- Exercise directions:
The records are to be repeated exactly, and any images in them are to be dropped.

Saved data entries
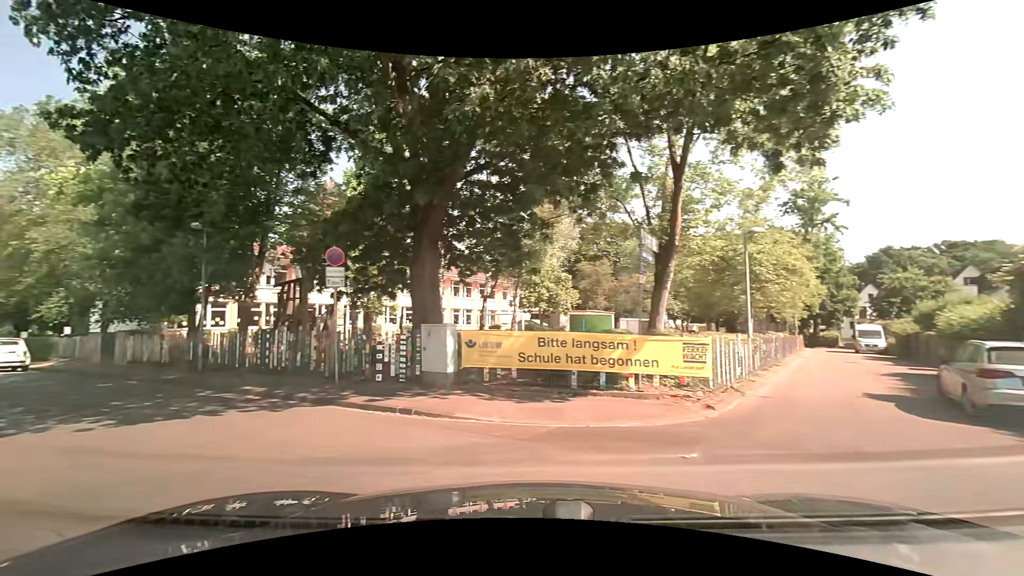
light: Day
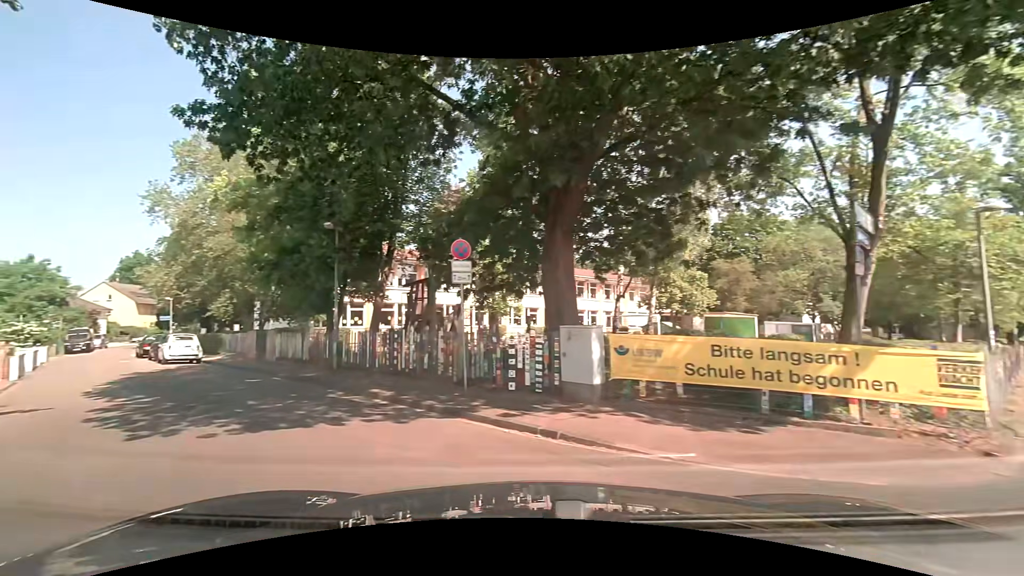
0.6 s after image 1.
(-0.2, +1.9) m; -12°
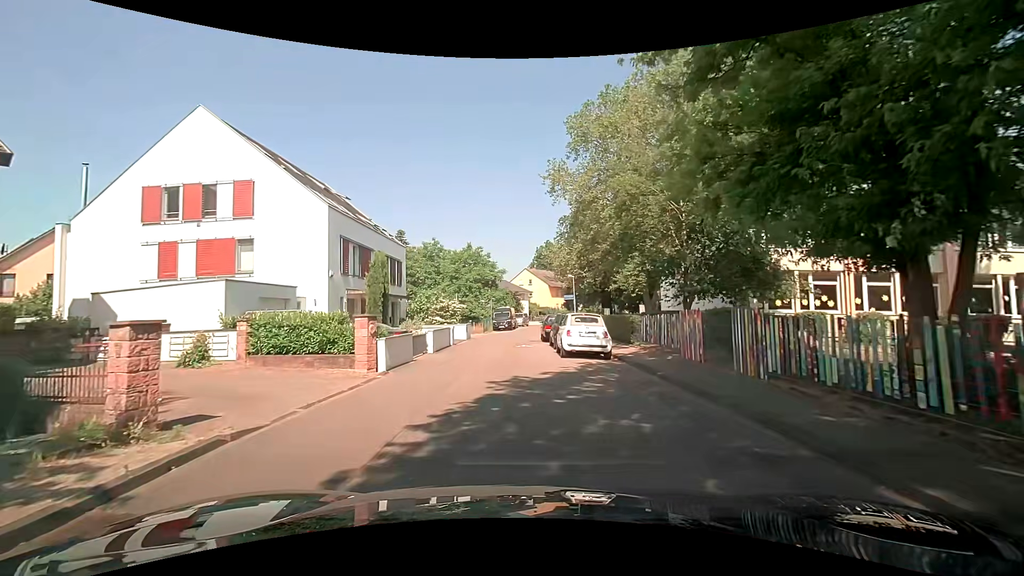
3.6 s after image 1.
(-6.1, +11.8) m; -41°
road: residential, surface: asphalt
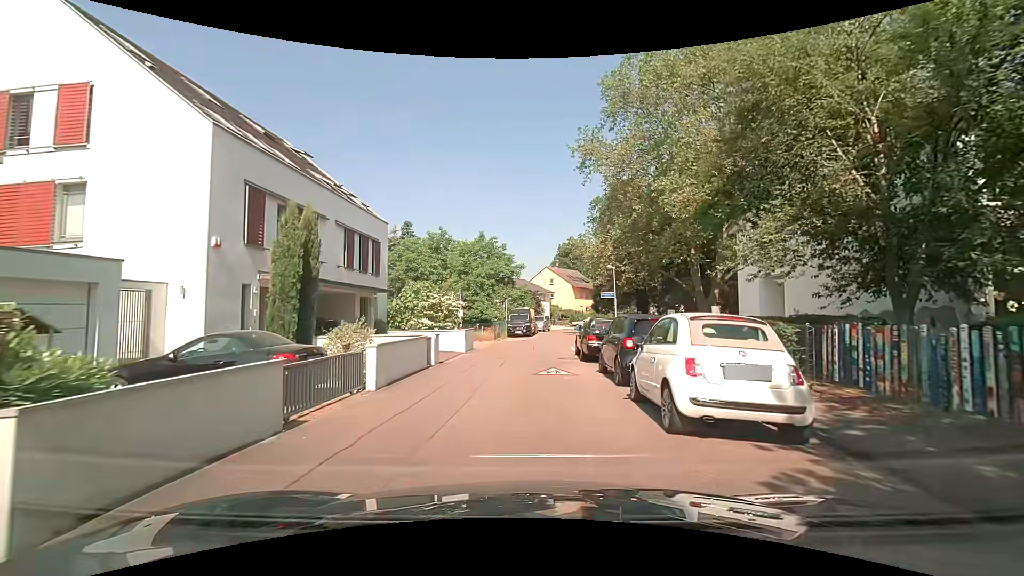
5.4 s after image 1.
(-0.2, +10.3) m; -2°

- Answer to this task:
light: Day
0.6 s after image 1.
(-0.2, +1.9) m; -12°
3.6 s after image 1.
(-6.1, +11.8) m; -41°
road: residential, surface: asphalt
5.4 s after image 1.
(-0.2, +10.3) m; -2°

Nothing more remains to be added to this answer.